* [EXTRACTED MATERIAL]:
******
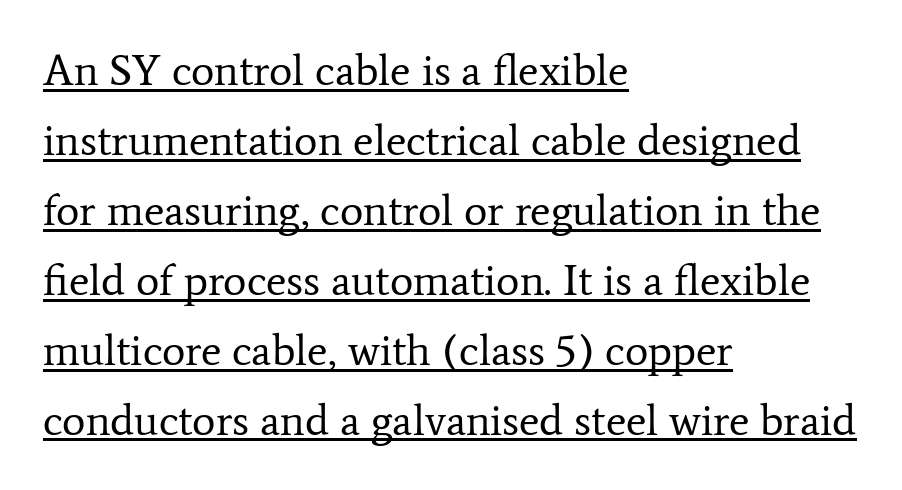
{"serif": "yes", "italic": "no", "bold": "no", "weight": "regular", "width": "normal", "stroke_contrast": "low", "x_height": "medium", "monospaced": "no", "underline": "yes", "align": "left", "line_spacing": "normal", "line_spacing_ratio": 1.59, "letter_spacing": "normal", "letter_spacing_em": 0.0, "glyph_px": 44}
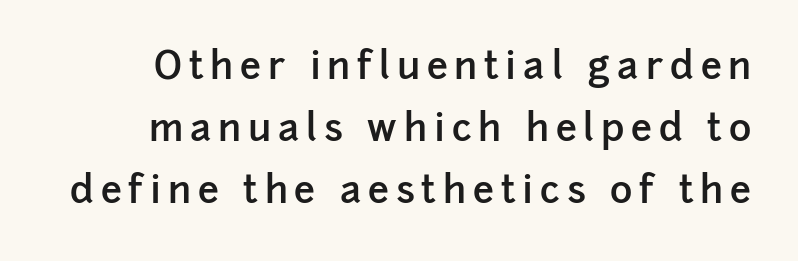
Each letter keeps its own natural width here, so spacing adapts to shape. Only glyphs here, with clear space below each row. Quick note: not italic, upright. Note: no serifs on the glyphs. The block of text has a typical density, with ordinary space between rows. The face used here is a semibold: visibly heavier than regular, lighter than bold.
******
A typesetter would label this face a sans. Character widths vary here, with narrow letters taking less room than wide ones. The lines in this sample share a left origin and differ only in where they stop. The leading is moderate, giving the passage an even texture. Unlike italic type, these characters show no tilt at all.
******
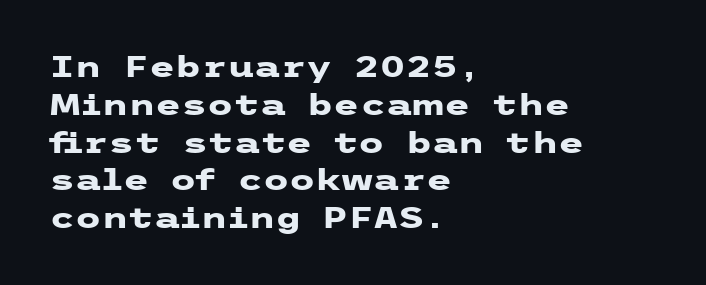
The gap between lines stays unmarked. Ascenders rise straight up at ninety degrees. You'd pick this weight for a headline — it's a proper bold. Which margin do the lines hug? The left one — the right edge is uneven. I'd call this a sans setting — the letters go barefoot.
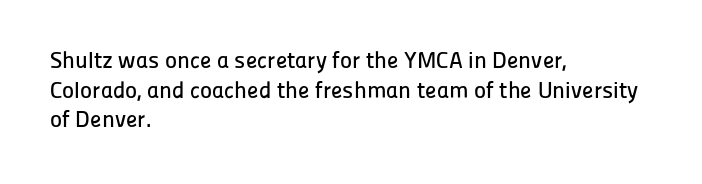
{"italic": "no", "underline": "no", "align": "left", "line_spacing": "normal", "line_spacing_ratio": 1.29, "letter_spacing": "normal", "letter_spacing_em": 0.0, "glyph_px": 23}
******
* [PROBLEM DESCRIPTION]: Show all lines from the data that contain "this".

* [YOUR RESPONSE]:
A typesetter would label this face a sans. Character widths vary here, with narrow letters taking less room than wide ones. The lines in this sample share a left origin and differ only in where they stop. The leading is moderate, giving the passage an even texture. Unlike italic type, these characters show no tilt at all.
The gap between lines stays unmarked. Ascenders rise straight up at ninety degrees. You'd pick this weight for a headline — it's a proper bold. Which margin do the lines hug? The left one — the right edge is uneven. I'd call this a sans setting — the letters go barefoot.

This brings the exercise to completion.